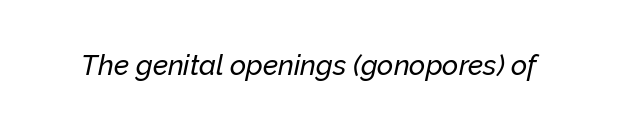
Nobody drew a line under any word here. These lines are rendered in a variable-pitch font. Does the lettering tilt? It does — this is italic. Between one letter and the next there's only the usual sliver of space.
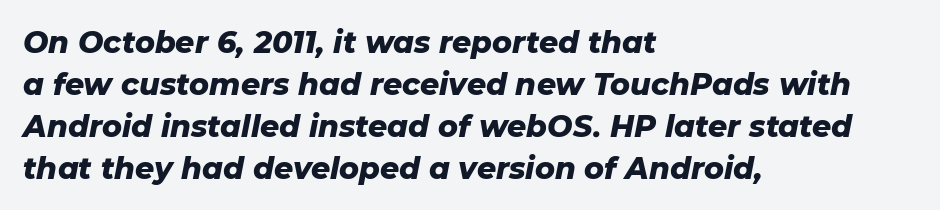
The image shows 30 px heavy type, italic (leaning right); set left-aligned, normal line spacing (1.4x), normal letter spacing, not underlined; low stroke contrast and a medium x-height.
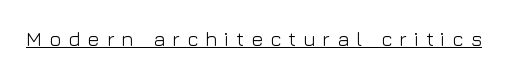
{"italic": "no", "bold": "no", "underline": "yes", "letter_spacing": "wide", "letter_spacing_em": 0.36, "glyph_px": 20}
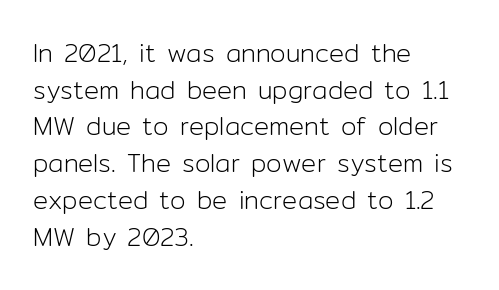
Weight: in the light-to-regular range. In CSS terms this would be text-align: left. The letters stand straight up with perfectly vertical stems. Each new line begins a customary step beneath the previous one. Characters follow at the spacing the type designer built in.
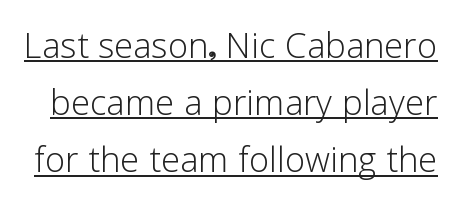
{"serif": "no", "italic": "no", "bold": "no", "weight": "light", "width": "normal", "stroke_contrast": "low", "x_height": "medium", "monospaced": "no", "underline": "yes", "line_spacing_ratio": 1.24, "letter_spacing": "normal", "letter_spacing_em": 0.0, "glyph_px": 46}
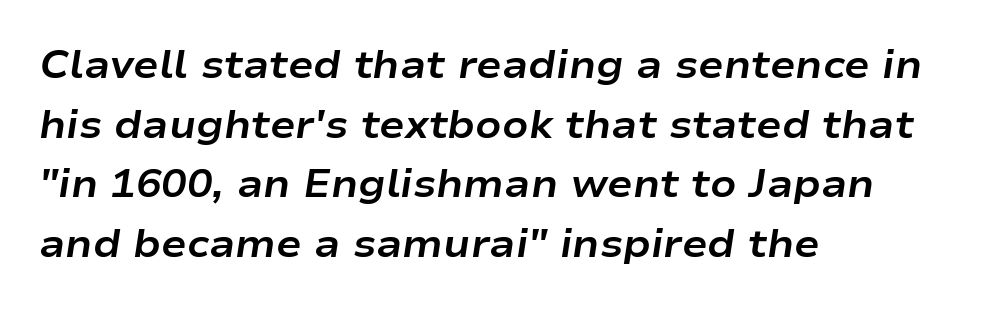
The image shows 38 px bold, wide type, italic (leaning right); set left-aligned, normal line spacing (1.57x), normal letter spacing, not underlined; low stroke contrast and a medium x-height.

--

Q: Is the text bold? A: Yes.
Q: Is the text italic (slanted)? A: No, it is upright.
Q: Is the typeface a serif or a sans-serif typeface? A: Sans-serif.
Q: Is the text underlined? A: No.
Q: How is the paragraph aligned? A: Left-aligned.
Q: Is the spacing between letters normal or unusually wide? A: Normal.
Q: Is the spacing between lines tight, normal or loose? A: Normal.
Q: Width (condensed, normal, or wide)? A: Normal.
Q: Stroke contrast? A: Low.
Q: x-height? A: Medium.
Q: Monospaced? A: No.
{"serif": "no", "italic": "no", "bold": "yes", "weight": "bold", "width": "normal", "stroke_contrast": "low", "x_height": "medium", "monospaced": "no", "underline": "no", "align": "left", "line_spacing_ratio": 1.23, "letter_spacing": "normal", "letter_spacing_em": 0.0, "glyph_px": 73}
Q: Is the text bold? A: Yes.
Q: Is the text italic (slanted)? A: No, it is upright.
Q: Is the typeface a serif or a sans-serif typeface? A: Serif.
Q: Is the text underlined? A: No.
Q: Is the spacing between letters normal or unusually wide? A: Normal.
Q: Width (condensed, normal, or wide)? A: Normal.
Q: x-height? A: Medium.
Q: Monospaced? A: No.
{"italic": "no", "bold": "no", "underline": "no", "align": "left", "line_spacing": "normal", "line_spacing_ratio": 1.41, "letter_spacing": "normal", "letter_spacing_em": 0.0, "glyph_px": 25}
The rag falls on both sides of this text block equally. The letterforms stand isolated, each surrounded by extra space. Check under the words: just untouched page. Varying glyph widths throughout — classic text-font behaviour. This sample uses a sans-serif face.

- Description of the task:
Here the job is to set down exactly the lines of the material above that fall between the one with "Q: Stroke contrast? A: Low." and the one with "The rag falls", inclusive, and nothing beyond them.

- Solution for this problem:
Q: Stroke contrast? A: Low.
Q: x-height? A: Medium.
Q: Monospaced? A: No.
{"serif": "no", "italic": "no", "bold": "yes", "weight": "bold", "width": "normal", "stroke_contrast": "low", "x_height": "medium", "monospaced": "no", "underline": "no", "align": "left", "line_spacing_ratio": 1.23, "letter_spacing": "normal", "letter_spacing_em": 0.0, "glyph_px": 73}
Q: Is the text bold? A: Yes.
Q: Is the text italic (slanted)? A: No, it is upright.
Q: Is the typeface a serif or a sans-serif typeface? A: Serif.
Q: Is the text underlined? A: No.
Q: Is the spacing between letters normal or unusually wide? A: Normal.
Q: Width (condensed, normal, or wide)? A: Normal.
Q: x-height? A: Medium.
Q: Monospaced? A: No.
{"italic": "no", "bold": "no", "underline": "no", "align": "left", "line_spacing": "normal", "line_spacing_ratio": 1.41, "letter_spacing": "normal", "letter_spacing_em": 0.0, "glyph_px": 25}
The rag falls on both sides of this text block equally. The letterforms stand isolated, each surrounded by extra space. Check under the words: just untouched page. Varying glyph widths throughout — classic text-font behaviour. This sample uses a sans-serif face.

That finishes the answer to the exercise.